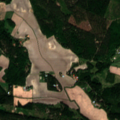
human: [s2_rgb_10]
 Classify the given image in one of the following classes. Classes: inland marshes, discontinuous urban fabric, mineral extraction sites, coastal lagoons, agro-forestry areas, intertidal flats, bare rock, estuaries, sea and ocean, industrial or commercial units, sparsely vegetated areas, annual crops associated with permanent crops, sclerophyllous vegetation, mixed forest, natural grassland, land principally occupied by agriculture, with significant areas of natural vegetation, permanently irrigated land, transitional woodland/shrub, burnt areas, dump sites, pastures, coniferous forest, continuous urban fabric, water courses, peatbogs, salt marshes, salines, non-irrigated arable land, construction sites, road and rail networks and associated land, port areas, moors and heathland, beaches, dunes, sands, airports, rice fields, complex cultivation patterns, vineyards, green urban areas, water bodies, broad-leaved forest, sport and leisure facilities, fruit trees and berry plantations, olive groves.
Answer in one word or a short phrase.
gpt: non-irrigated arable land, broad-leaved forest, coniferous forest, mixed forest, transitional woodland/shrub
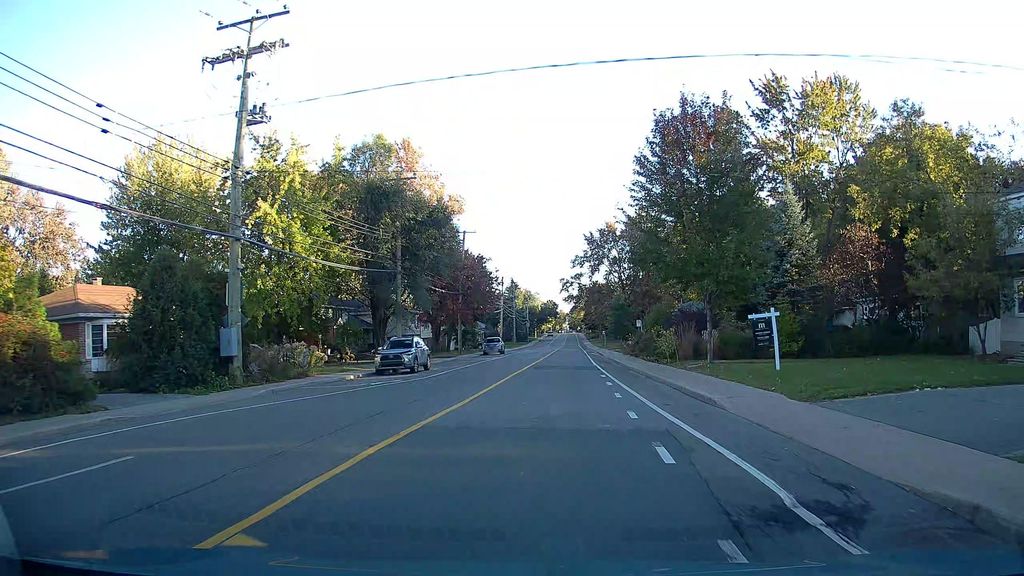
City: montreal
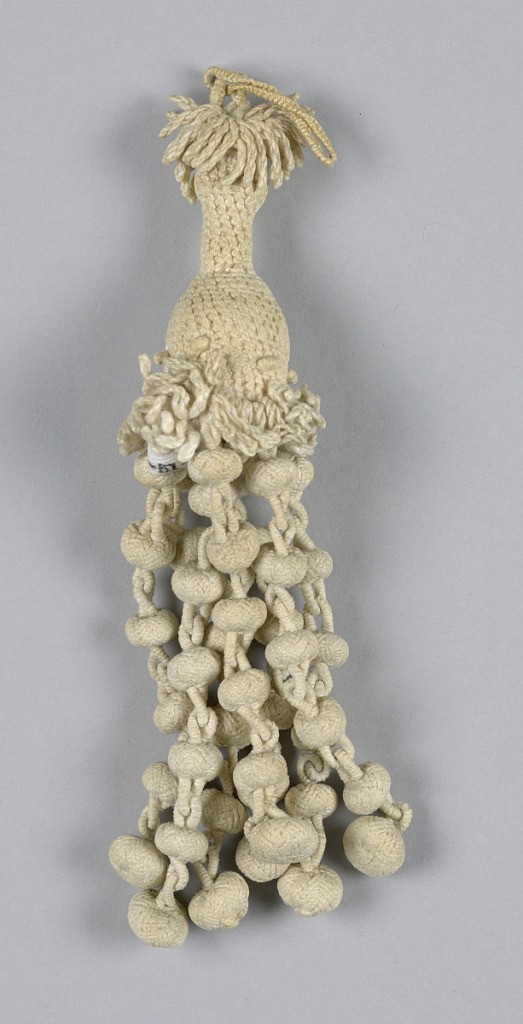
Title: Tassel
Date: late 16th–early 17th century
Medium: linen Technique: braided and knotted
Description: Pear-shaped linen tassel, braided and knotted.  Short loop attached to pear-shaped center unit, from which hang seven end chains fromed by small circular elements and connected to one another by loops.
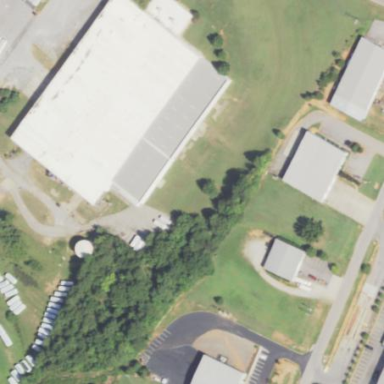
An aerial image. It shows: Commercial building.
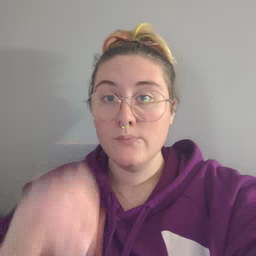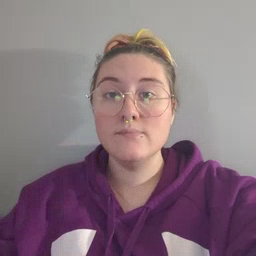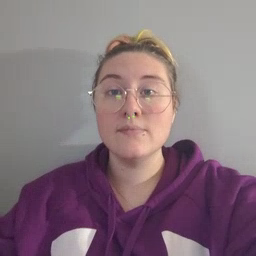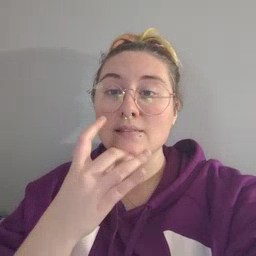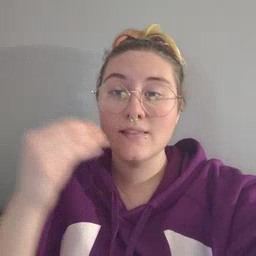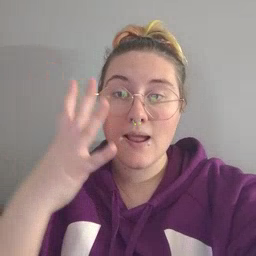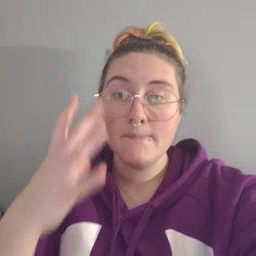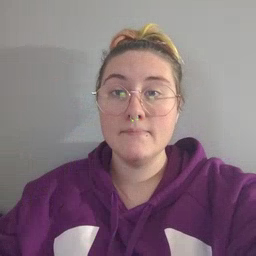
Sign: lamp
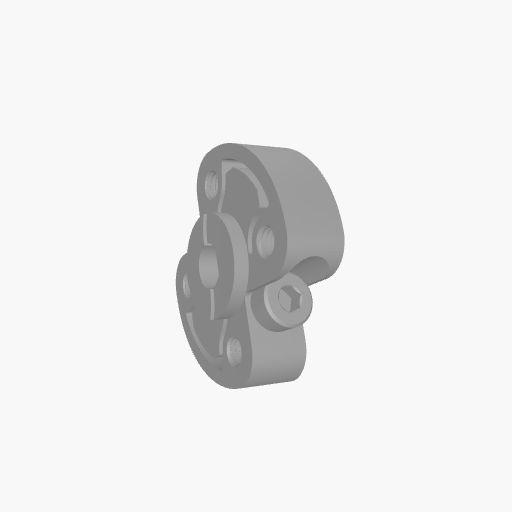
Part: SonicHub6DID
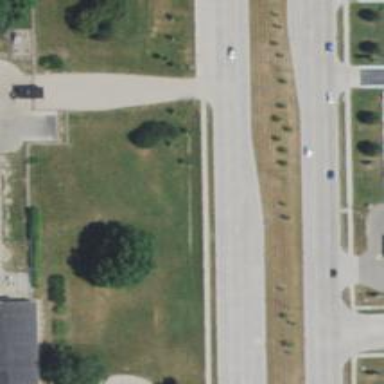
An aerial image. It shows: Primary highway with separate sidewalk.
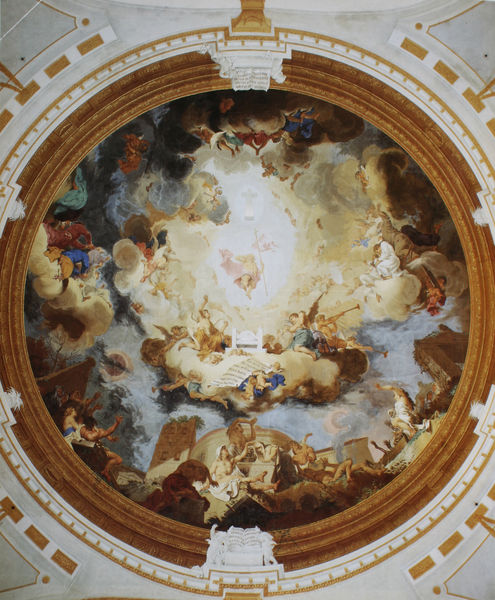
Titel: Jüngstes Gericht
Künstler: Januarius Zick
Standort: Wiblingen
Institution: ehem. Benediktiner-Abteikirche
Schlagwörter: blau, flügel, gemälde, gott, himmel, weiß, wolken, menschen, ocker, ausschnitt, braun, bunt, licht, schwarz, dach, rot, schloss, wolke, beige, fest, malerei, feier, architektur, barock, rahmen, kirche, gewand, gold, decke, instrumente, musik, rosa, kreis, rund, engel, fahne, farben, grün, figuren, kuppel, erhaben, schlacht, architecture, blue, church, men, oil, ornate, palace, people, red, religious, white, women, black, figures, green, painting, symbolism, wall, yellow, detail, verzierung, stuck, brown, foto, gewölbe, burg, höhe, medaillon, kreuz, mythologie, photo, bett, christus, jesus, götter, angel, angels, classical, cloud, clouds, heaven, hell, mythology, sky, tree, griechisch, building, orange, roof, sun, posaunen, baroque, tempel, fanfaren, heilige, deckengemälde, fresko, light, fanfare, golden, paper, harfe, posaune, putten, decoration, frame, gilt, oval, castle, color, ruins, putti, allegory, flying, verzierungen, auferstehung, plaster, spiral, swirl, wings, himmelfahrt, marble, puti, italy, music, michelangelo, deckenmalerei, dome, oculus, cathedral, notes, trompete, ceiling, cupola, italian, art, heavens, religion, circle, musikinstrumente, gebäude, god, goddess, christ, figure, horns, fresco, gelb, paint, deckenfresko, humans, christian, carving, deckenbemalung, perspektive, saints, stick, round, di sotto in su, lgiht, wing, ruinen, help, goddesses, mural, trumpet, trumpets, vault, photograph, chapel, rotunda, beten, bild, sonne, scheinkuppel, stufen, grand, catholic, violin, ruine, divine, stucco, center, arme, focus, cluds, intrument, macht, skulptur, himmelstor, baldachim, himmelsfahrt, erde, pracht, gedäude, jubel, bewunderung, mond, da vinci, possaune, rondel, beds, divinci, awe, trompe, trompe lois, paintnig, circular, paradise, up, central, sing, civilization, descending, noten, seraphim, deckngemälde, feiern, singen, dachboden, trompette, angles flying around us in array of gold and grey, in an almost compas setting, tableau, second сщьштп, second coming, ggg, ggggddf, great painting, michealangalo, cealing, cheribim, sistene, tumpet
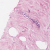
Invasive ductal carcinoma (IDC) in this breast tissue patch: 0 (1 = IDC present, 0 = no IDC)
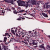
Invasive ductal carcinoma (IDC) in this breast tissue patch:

● ● ● ●

**PROBLEM REQUIREMENTS**
Set every entry down again exactly as written, and omit the images.

**RESULT BELOW**
human: [s2_rgb_10]
 Classify the given image in one of the following classes. Classes: inland marshes, discontinuous urban fabric, mineral extraction sites, coastal lagoons, agro-forestry areas, intertidal flats, bare rock, estuaries, sea and ocean, industrial or commercial units, sparsely vegetated areas, annual crops associated with permanent crops, sclerophyllous vegetation, mixed forest, natural grassland, land principally occupied by agriculture, with significant areas of natural vegetation, permanently irrigated land, transitional woodland/shrub, burnt areas, dump sites, pastures, coniferous forest, continuous urban fabric, water courses, peatbogs, salt marshes, salines, non-irrigated arable land, construction sites, road and rail networks and associated land, port areas, moors and heathland, beaches, dunes, sands, airports, rice fields, complex cultivation patterns, vineyards, green urban areas, water bodies, broad-leaved forest, sport and leisure facilities, fruit trees and berry plantations, olive groves.
Answer in one word or a short phrase.
gpt: non-irrigated arable land, broad-leaved forest, coniferous forest, mixed forest, transitional woodland/shrub
City: montreal
Title: Tassel
Date: late 16th–early 17th century
Medium: linen Technique: braided and knotted
Description: Pear-shaped linen tassel, braided and knotted.  Short loop attached to pear-shaped center unit, from which hang seven end chains fromed by small circular elements and connected to one another by loops.
An aerial image. It shows: Commercial building.
Sign: lamp
Part: SonicHub6DID
An aerial image. It shows: Primary highway with separate sidewalk.
Titel: Jüngstes Gericht
Künstler: Januarius Zick
Standort: Wiblingen
Institution: ehem. Benediktiner-Abteikirche
Schlagwörter: blau, flügel, gemälde, gott, himmel, weiß, wolken, menschen, ocker, ausschnitt, braun, bunt, licht, schwarz, dach, rot, schloss, wolke, beige, fest, malerei, feier, architektur, barock, rahmen, kirche, gewand, gold, decke, instrumente, musik, rosa, kreis, rund, engel, fahne, farben, grün, figuren, kuppel, erhaben, schlacht, architecture, blue, church, men, oil, ornate, palace, people, red, religious, white, women, black, figures, green, painting, symbolism, wall, yellow, detail, verzierung, stuck, brown, foto, gewölbe, burg, höhe, medaillon, kreuz, mythologie, photo, bett, christus, jesus, götter, angel, angels, classical, cloud, clouds, heaven, hell, mythology, sky, tree, griechisch, building, orange, roof, sun, posaunen, baroque, tempel, fanfaren, heilige, deckengemälde, fresko, light, fanfare, golden, paper, harfe, posaune, putten, decoration, frame, gilt, oval, castle, color, ruins, putti, allegory, flying, verzierungen, auferstehung, plaster, spiral, swirl, wings, himmelfahrt, marble, puti, italy, music, michelangelo, deckenmalerei, dome, oculus, cathedral, notes, trompete, ceiling, cupola, italian, art, heavens, religion, circle, musikinstrumente, gebäude, god, goddess, christ, figure, horns, fresco, gelb, paint, deckenfresko, humans, christian, carving, deckenbemalung, perspektive, saints, stick, round, di sotto in su, lgiht, wing, ruinen, help, goddesses, mural, trumpet, trumpets, vault, photograph, chapel, rotunda, beten, bild, sonne, scheinkuppel, stufen, grand, catholic, violin, ruine, divine, stucco, center, arme, focus, cluds, intrument, macht, skulptur, himmelstor, baldachim, himmelsfahrt, erde, pracht, gedäude, jubel, bewunderung, mond, da vinci, possaune, rondel, beds, divinci, awe, trompe, trompe lois, paintnig, circular, paradise, up, central, sing, civilization, descending, noten, seraphim, deckngemälde, feiern, singen, dachboden, trompette, angles flying around us in array of gold and grey, in an almost compas setting, tableau, second сщьштп, second coming, ggg, ggggddf, great painting, michealangalo, cealing, cheribim, sistene, tumpet
Invasive ductal carcinoma (IDC) in this breast tissue patch: 0 (1 = IDC present, 0 = no IDC)
Invasive ductal carcinoma (IDC) in this breast tissue patch:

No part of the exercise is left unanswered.